Question

I'm looking at developing a device which will need to support Ethernet over USB (hosted in Linux, XP, and Vista). As I understand it, Vista and Linux support the industry standard USB CDC. However, in classic Windows style, XP only supports it's own Remote NDIS. So, now I'm thinking of just bowing down and doing it over RNDIS, as opposed to rolling my own CDC driver for XP.

I've been reading some older documentation that says even XP is pretty buggy with NDIS (suprise!). Does anyone have experience with XP's RNDIS drivers? Are they safe for product development? Any insight would be much appreciated.

Was it helpful?

Solution 3

After doing my own research and testing, a single NDIS device works reasonably well. However, if you are at all needing to support multiple NDIS devices, you are out of luck. My system became extremely unstable and was essentially unusable. This was very reproducible.

I would not recommend NDIS in any type of multiple-device scenario.

OTHER TIPS

We use RNDIS at work. and I've found that it blue screens my machine every now and again (about every month or two). However others (at my work) have not had this happen, so it could just be the particular device that I use.

I think it is stable enough for development, so give it a go.

The problem here is that Linux does not support RNDIS in the host mode, and you can't develop custom driver due to MS RNDIS license restrictions.

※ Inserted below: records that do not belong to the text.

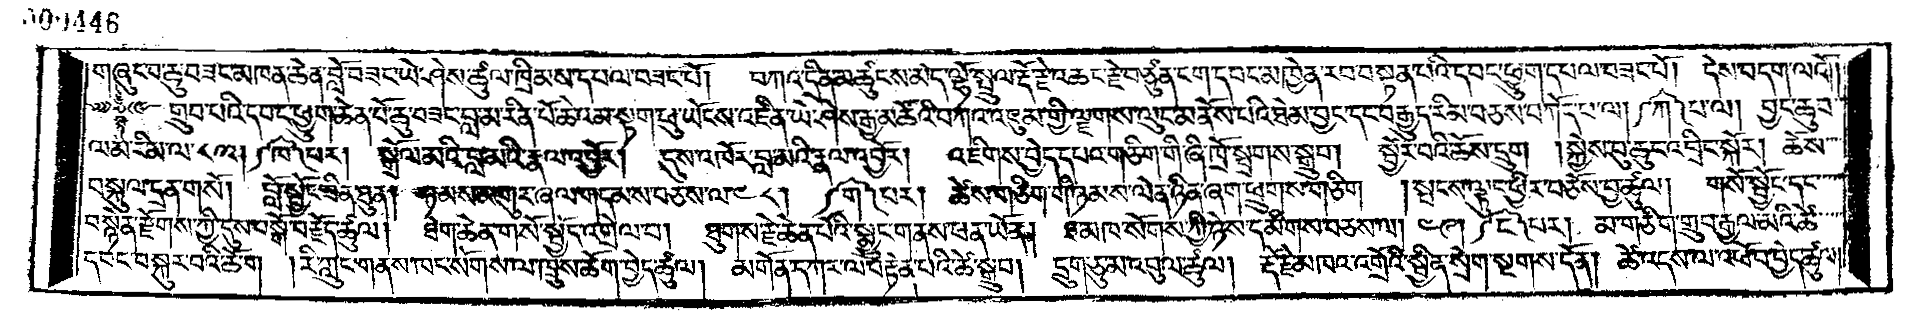གཞུང་བ་ཆུ་བཟང་མཁན་ཆེན་བློ་བཟང་ཡེ་ཤེས་ཚུལ་ཁྲིམས་དཔལ་བཟང་པོ། བཀའ་དྲིན་མཚུངས་མེད་ལྷོ་སྤྲུལ་རྡོ་རྗེ་འཆང་རྗེ་བཙུན་ངག་དབང་མཁྱེན་རབ་བསྟན་པའི་དབང་ཕྱུག་དཔལ་བཟང་པོ། དེས་བདག་ལའོ།
གྲུབ་པའི་དབང་ཕྱུག་ཆེན་པོ་ཆུ་བཟང་བླ་མ་རིན་པོ་ཆེའམ་སྟག་ཕུ་ཡོངས་འཛིན་ཡེ་ཤེས་རྒྱ་མཚོའི་བཀའ་འབུམ་གྱི་ལྗགས་ལུང་མནོས་པའི་ཐེམ་བྱང་དང་བརྒྱུད་རིམ་བཅས་བཀོད་པ་ལ། ༼ཀ༽ པ་ལ། བྱང་ཆུབ་
ལམ་རིམ་ལ༨༣། ༼ཁ༽ པར། སྒྲོལ་མའི་བླ་མའི་རྣལ་འབྱོར། དུས་འཁོར་བླ་མའི་རྣལ་འབྱོར། འཇིགས་བྱེད་དཔའ་གཅིག་གི་ཞི་ཁྲོ་སྦྲགས་སྒྲུབ། སྦྱོར་བའི་ཆོ་དྲུག ། །སྐྱེས་བུ་ཆུང་བྲིང་སྐོར། ཆོས་
བསྐུལ་དྲན་གསོ། བློ་སྦྱོར་ཟིན་ཐུན། ཉམས་མགུར་ཞལ་གདམས་བཅས་ལ ༤༨། ༼ག༽ པར། ཚེས་གཅིག་གི་ཉམས་ལེ་ཉིན་ཞག་ཕྲུགས་གཅིག །སྤངས་ལྟུང་ཕྱི་བཅོས་བྱ་ཚུལ། གསོ་སྦྱོང་དང་
བསྙེན་རྫོགས་ཀྱི་དུས་བསྒོ་བརྗོད་ཚུལ། ཐེག་ཆེན་གསོ་སྦྱོར་འགྲེལ་བ། ཐུགས་རྗེ་ཆེན་པོའི་སྨྱུང་གནས་ཕན་ཡོན། ཐ་མཁས་སོགས་ཀྱི་ཉེས་སྡིགས་བཅས་ལ། ༼ང༽ པར། མ་གཅིག་གྲུབ་རྒྱལ་མའི་ཚེ་
དབང་བསྐུར་བའི་ཆོ་ག །རི་ཀླུང་གནས་ཁང་སོགས་ལ་ཁྲུས་ཆོག་བྱེད་ཚུལ། མགོན་དཀར་ལ་བརྟེན་པའི་ཚེ་སྒྲུབ། དྲུག་ཅུ་མ་འབུམ་ཚུལ། རྡོ་རྗེ་མཁའ་འགྲོའི་སྦྱིན་སྲེག་སྔགས་དོན། ཚེ་འདས་ལ་འཕོ་བ་བྱེད་ཚུལ།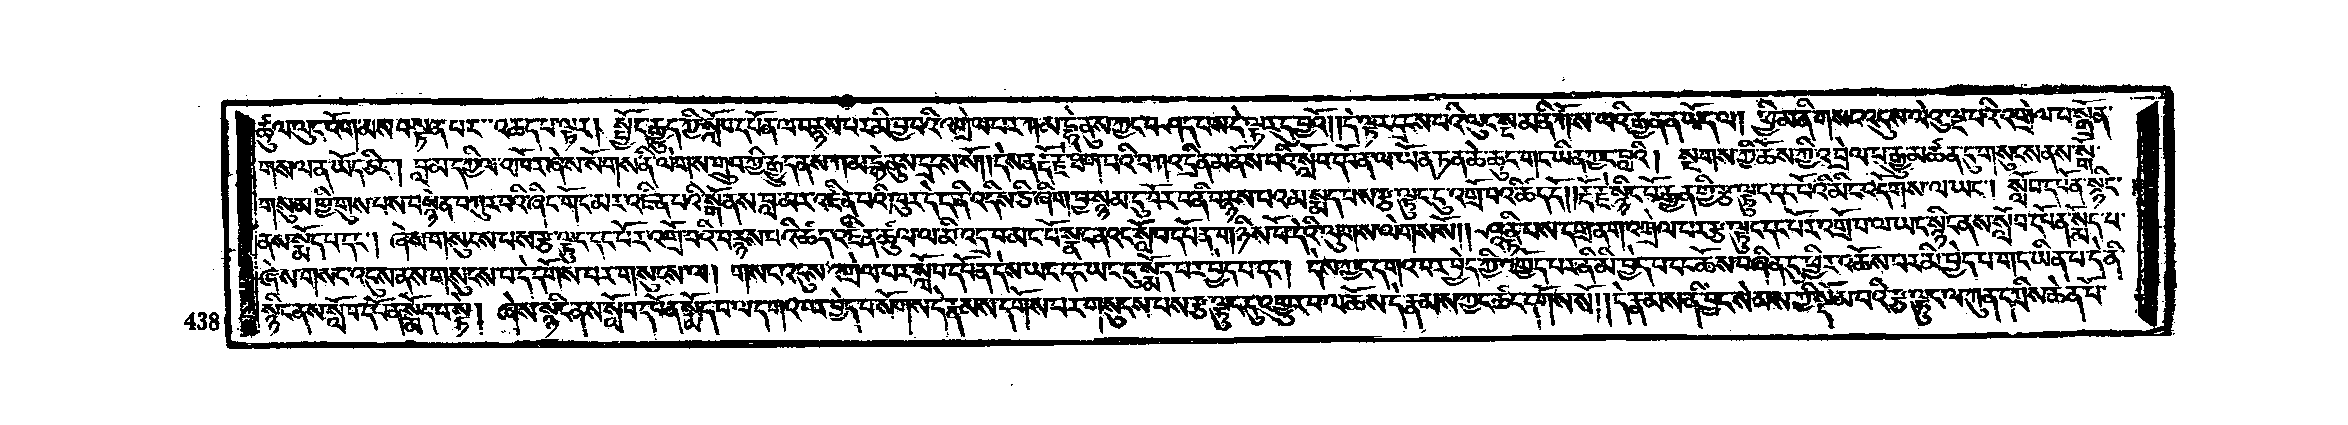ཚུལ་ལུང་འོག་མས་བསྟན་པར་འཆད་པ་ལྟར། སྤྱོད་རྒྱུད་ཀྱི་སློབ་དཔོན་ལ་བརྙས་པར་མི་བྱ་བའི་འགྲེལ་པར་ཀ་མ་དྷེ་ནུས་ཀྱང་བཤད་པས་དེ་ལྟར་དུ་བྱའོ། །དེ་ལྟར་དྲངས་པའི་ལུང་སྔ་མ་ནི་ཀོ་ས་ལའི་རྒྱན་ན་ཡོད་ལ། ཕྱི་མ་ནི་གསང་འདུས་ལེའུ་ལྔ་པའི་འགྲེལ་པ་སྒྲོན་
གསལ་ན་ཡོད་ཅིང་། བླ་མ་དཀྱིལ་འཁོར་ཞེས་སོགས་ནི་ལེགས་གྲུབ་ཀྱི་རྒྱུད་ནས་ཀ་མ་དྷེ་ནུས་དྲངས་སོ། །དེས་ན་རྡོ་རྗེ་ཐེག་པའི་བཀའ་དྲིན་མནོས་པའི་སློབ་དཔོན་ལ་ཡོན་ཏན་ཆེ་ཆུང་གང་ཡིན་ཀྱང་བླའི། སྔགས་ཀྱི་ཆོས་ཀྱི་འབྲེལ་པ་རྒྱུ་མཚན་དུ་གསུངས་ནས་སྒོ་
གསུམ་གྱི་གུས་པས་བསྙེན་བཀུར་བའི་ཞིང་གོང་མར་འཛིན་པའི་སྒོ་ནས་བླ་མར་འཛིན་པའི་ཁུར་དེ་ད་ནི་འདིས་ཅི་ཞིག་བྱ་སྙམ་དུ་བོར་བ་ནི་བརྙས་པའམ་སྨད་པས་རྩ་ལྟུང་དུ་འགྲོ་བའི་ཚིད་དོ། །རྡོ་རྗེ་སྙིང་པོ་རྒྱན་གྱི་རྩ་ལྟུང་དང་པོའི་མིང་འདོགས་ལ་ཡང་། སློབ་དཔོན་སྙིང་
ནས་སྨོད་པ་དང་། ཞེས་གསུངས་པས་རྩ་ལྟུང་དང་པོར་འགྲོ་བའི་བརྙས་པའི་ཚད་འཛིན་ཚུལ་ལ་མི་འདྲ་བ་མང་པོ་སྣང་ནའང་སློབ་དཔོན་གཉིས་པོ་དེའི་ལུགས་ལེགས་སོ།། ཤཱནྟི་པས་དགྲ་ནག་འགྲེལ་པར་རྩ་ལྟུང་དང་པོར་འགྲོ་བ་ལ་ཡང་སྙིང་ནས་སློབ་དཔོན་སྨོད་པ་
ཞེས་གསང་འདུས་ནས་གསུངས་པ་དེ་དགོས་པར་གསུངས་ལ། གསང་འདུས་འགྲེལ་པར་སློབ་དཔོན་དེས་ཡང་དང་ཡང་དུ་སྨོད་པར་བྱེད་པ་དང་། དེས་ཀྱང་དགའ་བར་བྱེད་ཀྱི་འགྱོད་པར་ནི་མི་བྱེད་པ་དང་ཆོས་བཞིན་དུ་ཕྱིར་འཆོས་པར་མི་བྱེད་པ་གང་ཡིན་པ་དེ་ནི་
སྙིང་ནས་སློབ་དཔོན་སྨོད་པ་སྟེ། ཞེས་སྙིང་ནས་སློབ་དཔོན་སྨོད་པ་ལ་དགའ་བར་བྱེད་པ་སོགས་དེ་རྣམས་དགོས་པར་གསུངས་པས་རྩ་ལྟུང་དུ་འགྱུར་པ་ལ་ཆོས་དེ་རྣམས་ཀྱང་ཚང་དགོས་སོ། །དེ་རྣམས་ནི་བྱང་སེམས་ཀྱི་སྡོམ་པའི་རྩ་ལྟུང་ལ་ཀུན་དཀྲིས་ཆེན་པོ་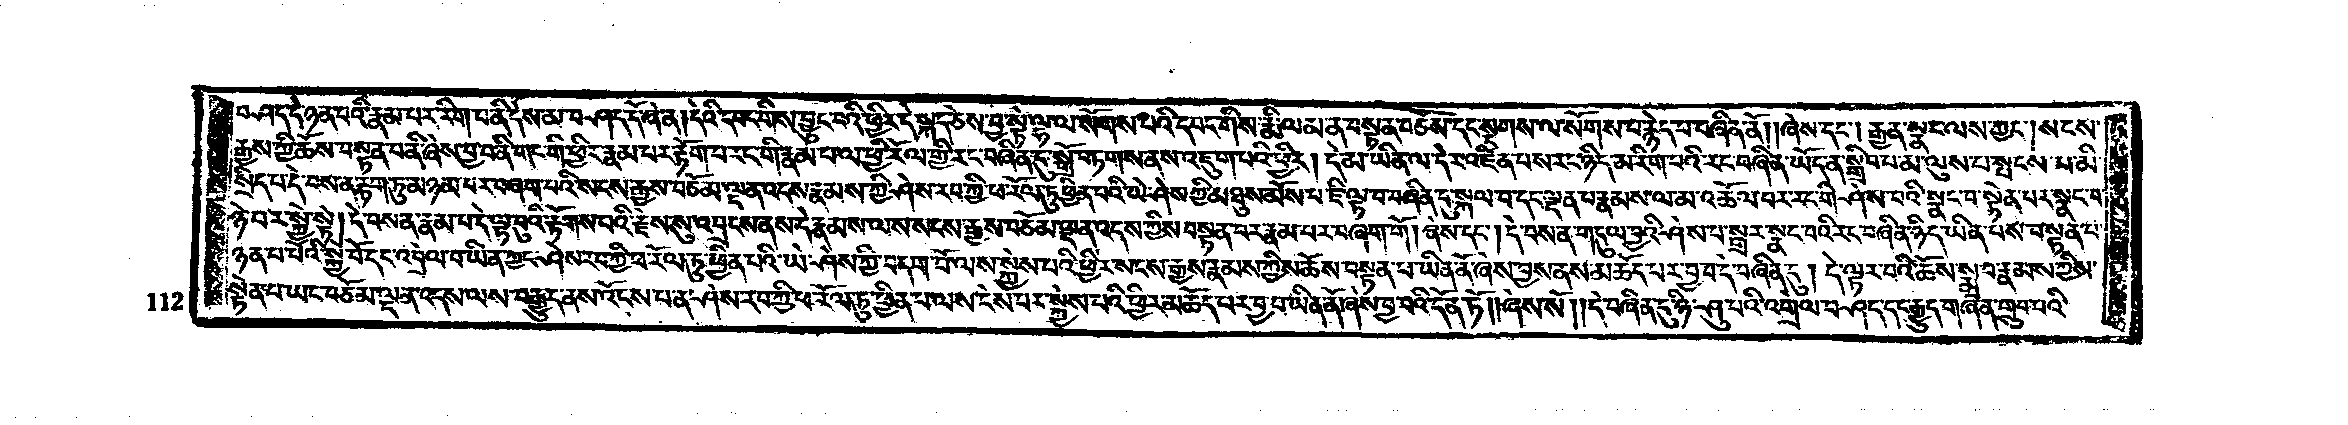བཤད་དེ་ཉན་པའི་རྣམ་པར་རིག་པ་ནི་དེས་མ་བཤད་དོ་ཞེ་ན། དེའི་དབང་གིས་བྱུང་བའི་ཕྱིར་དེ་སྐད་ཅེས་བྱ་སྟེ་ལྷ་ལ་སོགས་པའི་དབང་གིས་རྨི་ལམ་ན་བསྟན་བཅོས་དང་སྔགས་ལ་སོགས་པ་རྙེད་པ་བཞིན་ནོ། །ཞེས་དང་། རྒྱན་སྣང་ལས་ཀྱང་། སངས་
རྒྱས་ཀྱི་ཆོས་བསྟན་པ་ནི་ཞེས་བྱ་བ་ནི་གང་གི་ཕྱིར་རྣམ་པར་རྟོག་པ་རང་གི་རྣམ་པ་ལ་ཕྱི་རོལ་གྱི་རང་བཞིན་དུ་སྒྲོ་བཏགས་ནས་འཇུག་པའི་ཕྱིར། དེ་མ་ཡིན་ལ་དེར་འཛིན་པས་རང་ཉིད་མ་རིག་པའི་རང་བཞིན་ཡོད་ན་སྒྲིབ་པ་མ་ལུས་པ་སྤང་པ་མི་
སྲིད་པ་དེ་བས་ན་རྟག་ཏུ་མཉམ་པར་བཞག་པའི་སངས་རྒྱས་བཅོམ་ལྡན་འདས་རྣམས་ཀྱི་ཤེས་རབ་ཀྱི་ཕ་རོལ་ཏུ་ཕྱིན་པའི་ཡེ་ཤེས་ཀྱི་མཐུས་མོས་པ་ཇི་ལྟ་བ་བཞིན་དུ་སྐལ་པ་དང་ལྡན་པ་རྣམས་ལ་མ་འཆོལ་བར་རང་གི་ཤེས་པའི་སྣང་བ་སྟོན་པར་སྣང་བ་
ཉེ་བར་སྐྱེ་སྟེ། དེ་བས་ན་རྣམ་པ་དེ་ལྟ་བུའི་རྟོགས་པའི་རྗེས་སུ་འབྲངས་ནས་དེ་རྣམས་ལས་སངས་རྒྱས་བཅོམ་ལྡན་འདས་ཀྱིས་བསྟན་པར་རྣམ་པར་བཞག་གོ །ཞེས་དང་། དེ་བས་ན་གདུལ་བྱའི་ཤེས་པ་སྒྲར་སྣང་བའི་རང་བཞིན་ཉིད་ཡིན་པས་བསྟན་པ་
ཉན་པ་པོའི་སྐྱེ་བོ་དང་འབྲེལ་བ་ཡིན་ཀྱང་ཤེས་རབ་ཀྱི་ཕ་རོལ་ཏུ་ཕྱིན་པའི་ཡེ་ཤེས་ཀྱི་བདག་པོ་ལས་སྐྱེས་པའི་ཕྱིར་སངས་རྒྱས་རྣམས་ཀྱིས་ཆོས་བསྟན་པ་ཡིན་ནོ་ཞེས་བྱས་ནས་མཆོད་པར་བྱ་བ་དེ་བཞིན་དུ། ད་ལྟར་བའི་ཆོས་སྨྲ་བ་རྣམས་ཀྱིས་
སྟོན་པ་ཡང་བཅོམ་ལྡན་འདས་ལས་བརྒྱུད་ནས་འོངས་པ་ན་ཤེས་རབ་ཀྱི་ཕ་རོལ་ཏུ་ཕྱིན་པ་ལས་ངེས་པར་སྐྱེས་པའི་ཕྱིར་མཆོད་པར་བྱ་བ་ཡིན་ནོ་ཞེས་བྱ་བའི་དོན་ཏོ། །ཞེས་སོ། །དེ་བཞིན་དུ་ཉི་ཤུ་པའི་འགྲེལ་བཤད་དང་རྒྱུད་གཞན་གྲུབ་པའི་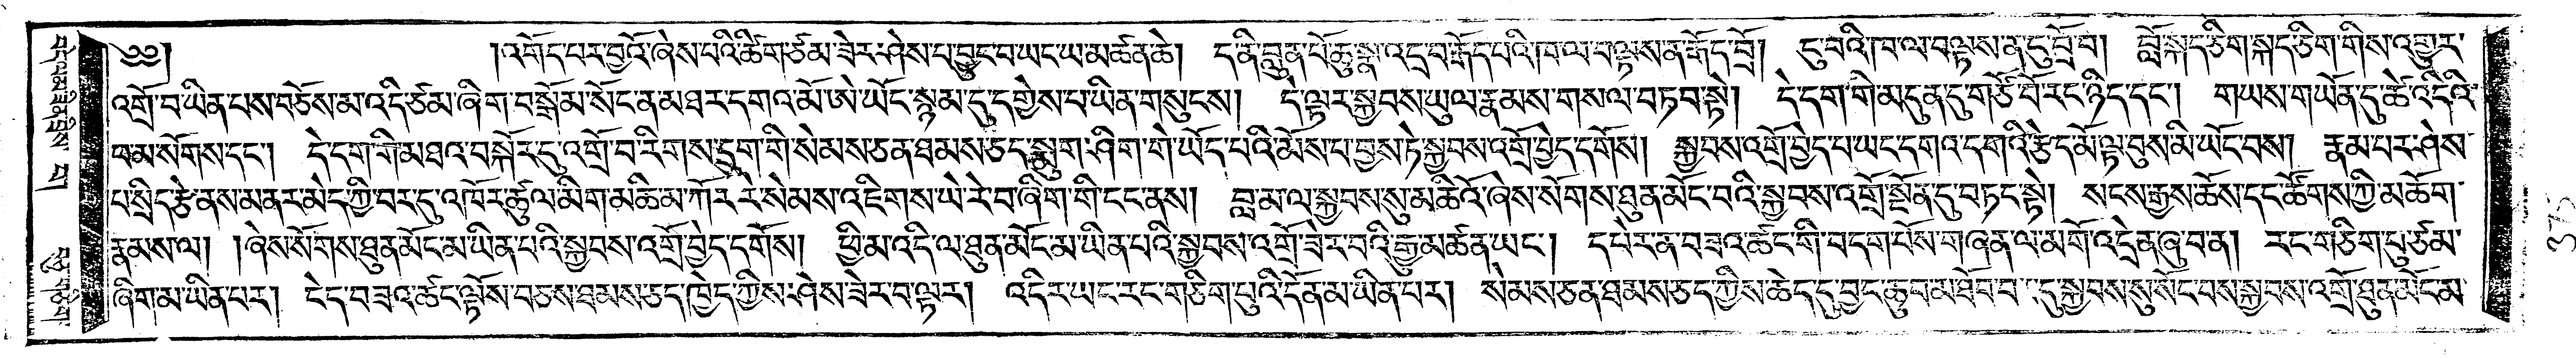༄༅། །འགོང་བར་བྱའོ་ཞེས་པའི་ཚིག་ཙམ་ཟེར་ཤེས་པ་བྱུང་བ་ཡང་ཡ་མཚན་ཆེ། ད་ནི་བླུན་པོ་ཆུ་སྣ་འདྲ་བ་རྒོད་བའི་ཁ་ལ་བལྟས་ན་རྒོད་བྲོ། དུ་བའི་ཁ་ལ་བལྟས་ན་དུ་བློ?་བ། བློ་སྐད་ཅིག་སྐད་ཅིག་གིས་འགྱུར་
འགྲོ་བ་ཡིན་བས་བཅོས་མ་འདི་ཙམ་ཞིག་བསྒོམ་སོང་ན་མཐར་དགའ་མོ་ཨེ་ཡོང་སྙམ་དུ་དགྱེས་པ་ཡིན་གསུངས། དེ་ལྟར་སྐྱབས་ཡུལ་རྣམས་གསལ་བཏབ་སྟེ། དེ་དག་གི་མདུན་དུ་གཙོ་བོ་རང་ཉིད་དང་། གཡས་གཡོན་དུ་ཚེ་འདིའི་
ཕ་མ་སོགས་དང་། དེ་དག་གི་མཐའ་བསྐོར་དུ་འགྲོ་བ་རིགས་དྲུག་གི་སེམས་ཅན་ཐམས་ཅད་སྨུག་ཤིག་གེ་ཡོད་པའི་མོས་པ་བྱས་ཏེ་སྐྱབས་འགྲོ་བྱེད་དགོས། སྐྱབས་འགྲོ་བྱེད་པ་ཡང་དགའ་དགའི་རྩེད་མོ་ལྟ་བུས་མི་ཡོང་པས། རྣམ་པར་ཤེས་
པ་སྲིད་རྩེ་ནས་མནར་མེད་ཀྱི་བར་དུ་འཁོར་ཚུལ་མིག་མཆི་མ་ཀོར་རེ་སེམས་འཇིགས་ཡེ་རེ་བ་ཞིག་གི་ངང་ནས། བླ་མ་ལ་སྐྱབས་སུ་མཆིའོ་ཞེས་སོགས་ཐུན་མོང་བའི་སྐྱབས་འགྲོ་སྔོན་དུ་བཏང་སྟེ། སངས་རྒྱས་ཆོས་དང་ཚོགས་ཀྱི་མཆོག་
རྣམས་ལ། །ཞེས་སོགས་ཐུན་མོང་མ་ཡིན་པའི་སྐྱབས་འགྲོ་བྱེད་དགོས། ཕྱི་མ་འདི་ལ་ཐུན་མོང་མ་ཡིན་པའི་སྐྱབས་འགྲོ་ཟེར་བའི་རྒྱུ་མཚན་ཡང་། དཔེར་ན་བཟའ་ཚང་གི་བདག་པོས་གཞན་ལ་མགོ་འདྲེན་ཞུ་བ་ན། རང་གཅིག་པུ་ཙམ་
ཞིག་མ་ཡིན་པར། ངེད་བཟའ་ཚང་ལྟོས་བཅས་ཐམས་ཅད་ཁྱེད་ཀྱིས་ཤེས་ཟེར་བ་ལྟར། འདིར་ཡང་རང་གཅིག་པུའི་དོན་མ་ཡིན་པར། སེམས་ཅན་ཐམས་ཅད་ཀྱིས་ཆེད་དུ་བྱང་ཆུབ་མ་ཐོབ་བར་དུ་སྐྱབས་སུ་སོང་བས་སྐྱབས་འགྲོ་ཐུན་མོང་མ་

MAC does not support RNDIS as well due to same reason (licensing).

So if you need multiplatform solution you need a standard approach which is CDC/ECM.
There is number of available CDC/ECM XP/VIsta solutions in the market,you can google for them i don't want to advertise our solution here :)

if you are looking for commercial solution, Jungo does provide decent ECM solutions works for Windows/Linux/Mac. The only problem is that you have to pay them non-trivial royalty fee if you are going for a mass volume product.